Who should have surgical treatment?

  • Patients who do not respond to medical treatment
  • Disease progression under medical treatment and the need for continuous drug dose increase
  • Patients requiring long-term aggressive medication
  • Patients who do not want long-term and aggressive medication due to reasons such as cost, discomfort of use or fear of side effects.
  • Patients who do not comply with medical treatment
  • Patients at high risk of complications in the long term (Grade 3-4 esophagitis patients)
  • Patients with Grade 1-2 esophagitis but with defective CSS
  • Patients with medical therapy-resistant sliding hernia
  • Patients with serious complications despite medical treatment
  • Hard hat esophagus, severe pulmonary symptoms

Reflux surgery was first performed by Prof. Dr. It was started by Rudolf Nissen with the surgery he performed on a 28-year-old patient at Istanbul University Faculty of Medicine and is still the gold standard of reflux surgery.

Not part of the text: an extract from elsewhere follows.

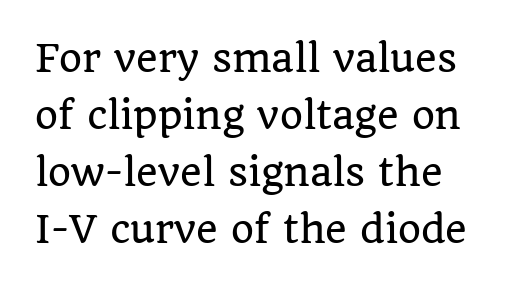
{"serif": "yes", "italic": "no", "width": "normal", "stroke_contrast": "low", "x_height": "large", "monospaced": "no", "underline": "no", "line_spacing": "normal", "line_spacing_ratio": 1.54, "letter_spacing": "normal", "letter_spacing_em": 0.0, "glyph_px": 37}

Reflux surgery; It is based on the principle of closing the opening in the hiatus, if any, and the escape of the part of the stomach called the fundus, like a sleeve at the lower end of the esophagus, into the rib cage and creating an artificial sphincter.

The procedure is performed laparoscopically (closed) under general anesthesia with special tools entered through 0.5 and 1 cm holes in the abdomen. When everything goes well, your surgery will take approximately 1 hour. After the surgery, patients stay in the hospital for 1 night. For the first 2 weeks, a liquid and soft food-based diet is recommended. There is no restriction afterwards, provided that you chew the foods well.

Reflux complaints will disappear immediately after the surgery and patients will start to experience this comfort immediately after the operation. However, if there are complications (such as esophagitis), it will take time to resolve them. After reflux surgery, the person will continue his normal life from where he left off. The surgery will not restrict any of its activities.